A split-plot design is a designed experiment that includes at least one hard-to-change factor that is difficult to completely randomize because of time or cost constraints. In a split-plot experiment, levels of the hard-to-change factor are held constant for several experimental runs, which are collectively treated as a whole plot. The easy-to-change factors are varied during these runs, each combination of which is considered a sub-plot within the whole plot. You should randomize the order in which you run both the whole plots and the sub-plots within whole plots.
A large-scale bakery is designing a new brownie recipe. They are experimenting with two levels of chocolate and sugar using two different baking temperatures. However, to save time they decide to bake more than one tray of brownies at the same time instead of baking each tray individually. The brownie example includes 2 whole plots replicated twice (total of 4 whole plots). Each whole plot contains 4 sub-plots. The whole plot is all the trays of brownies being baked at the temperature. The sub-plots are each individual tray of brownies.
Tray 1 (Chocolate 1, Sugar 1) | Tray 2 (Chocolate 1, Sugar 2) | Tray 3 (Chocolate 2, Sugar 1) | Tray 4 (Chocolate 2, Sugar 2) |
Tray 1 (Chocolate 1, Sugar 1) | Tray 2 (Chocolate 1, Sugar 2) | Tray 3 (Chocolate 2, Sugar 1) | Tray 4 (Chocolate 2, Sugar 2) |
Tray 1 (Chocolate 1, Sugar 1) | Tray 2 (Chocolate 1, Sugar 2) | Tray 3 (Chocolate 2, Sugar 1) | Tray 4 (Chocolate 2, Sugar 2) |
Tray 1 (Chocolate 1, Sugar 1) | Tray 2 (Chocolate 1, Sugar 2) | Tray 3 (Chocolate 2, Sugar 1) | Tray 4 (Chocolate 2, Sugar 2) |
Split-plot designs were originally used in agriculture where the whole plots referred to a large area of land and the sub-plots were smaller areas within each whole plot.

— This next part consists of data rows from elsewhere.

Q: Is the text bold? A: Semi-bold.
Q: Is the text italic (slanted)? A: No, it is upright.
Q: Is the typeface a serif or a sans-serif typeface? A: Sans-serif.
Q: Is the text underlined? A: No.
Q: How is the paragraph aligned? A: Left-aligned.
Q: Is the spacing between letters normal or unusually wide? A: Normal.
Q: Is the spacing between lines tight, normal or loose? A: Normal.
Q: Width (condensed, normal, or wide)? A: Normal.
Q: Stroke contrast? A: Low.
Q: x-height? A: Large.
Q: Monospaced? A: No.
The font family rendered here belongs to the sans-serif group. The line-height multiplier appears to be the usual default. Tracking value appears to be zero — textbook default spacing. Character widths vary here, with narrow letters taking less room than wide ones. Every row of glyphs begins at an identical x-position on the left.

Researchers at a plastics manufacturer want to increase the strength of a plastic. The researchers identify additive percentage, agitation rate, and processing time as the possible factors that affect strength. The temperature at which the plastic bakes also affects strength. To run a completely randomized 4-factor design requires that the researchers bake each combination of the within-batch factor levels individually at one of the two temperature settings. Because the process takes too long, the researchers decide to use a split-plot design. The researchers plan to bake all 8 combinations of additive percent, agitation rate, and processing time at one temperature, and then bake all 8 combinations at the second temperature. They replicate this process so that they use each temperature setting twice.

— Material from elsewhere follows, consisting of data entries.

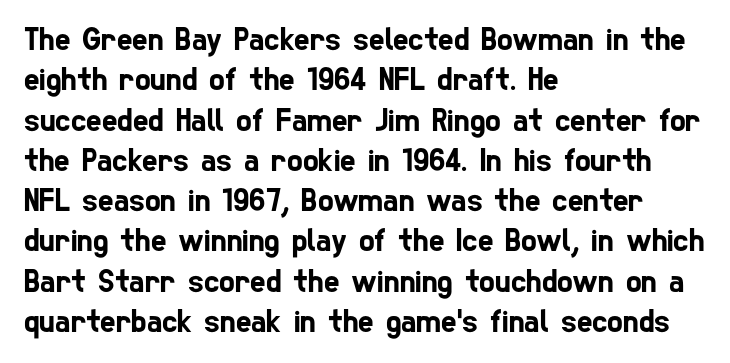
Q: Is the typeface a serif or a sans-serif typeface? A: Sans-serif.
Q: Is the text underlined? A: No.
Q: How is the paragraph aligned? A: Left-aligned.
Q: Is the spacing between letters normal or unusually wide? A: Normal.
Q: Width (condensed, normal, or wide)? A: Condensed.
Q: Stroke contrast? A: Low.
Q: x-height? A: Medium.
Q: Monospaced? A: No.
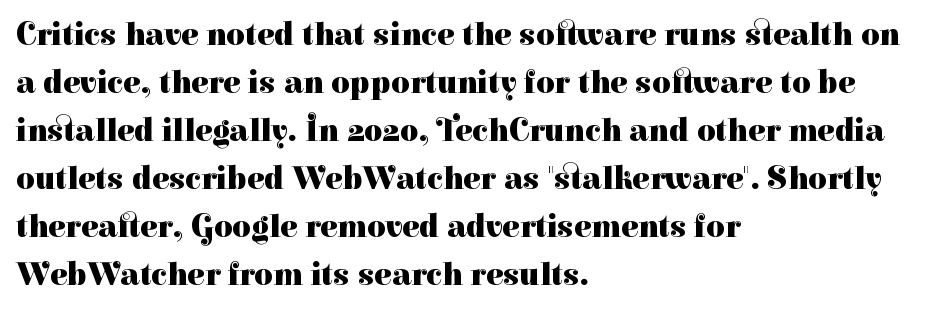
{"serif": "yes", "italic": "no", "bold": "yes", "weight": "heavy", "width": "normal", "stroke_contrast": "high", "x_height": "medium", "monospaced": "no", "underline": "no", "align": "left", "line_spacing": "normal", "line_spacing_ratio": 1.5, "letter_spacing": "normal", "letter_spacing_em": 0.0, "glyph_px": 32}

Changes | Name | Type | Low | High |
---|---|---|---|---|
Hard to change | Temperature | Continuous | 350 | 550 |
Easy to change | Additive percentage | Continuous | 2 | 5 |
Easy to change | Agitation rate | Continuous | 100 | 200 |
Easy to change | Processing time | Continuous | 10 | 40 |
The design summary table shows that the design has 32 base runs, which includes 8 runs per whole plot. The worksheet contains the 32 runs in run order. The runs for temperature within a replicate are together so that all the combinations of the randomized, easy-to-change factors are complete before the temperature changes.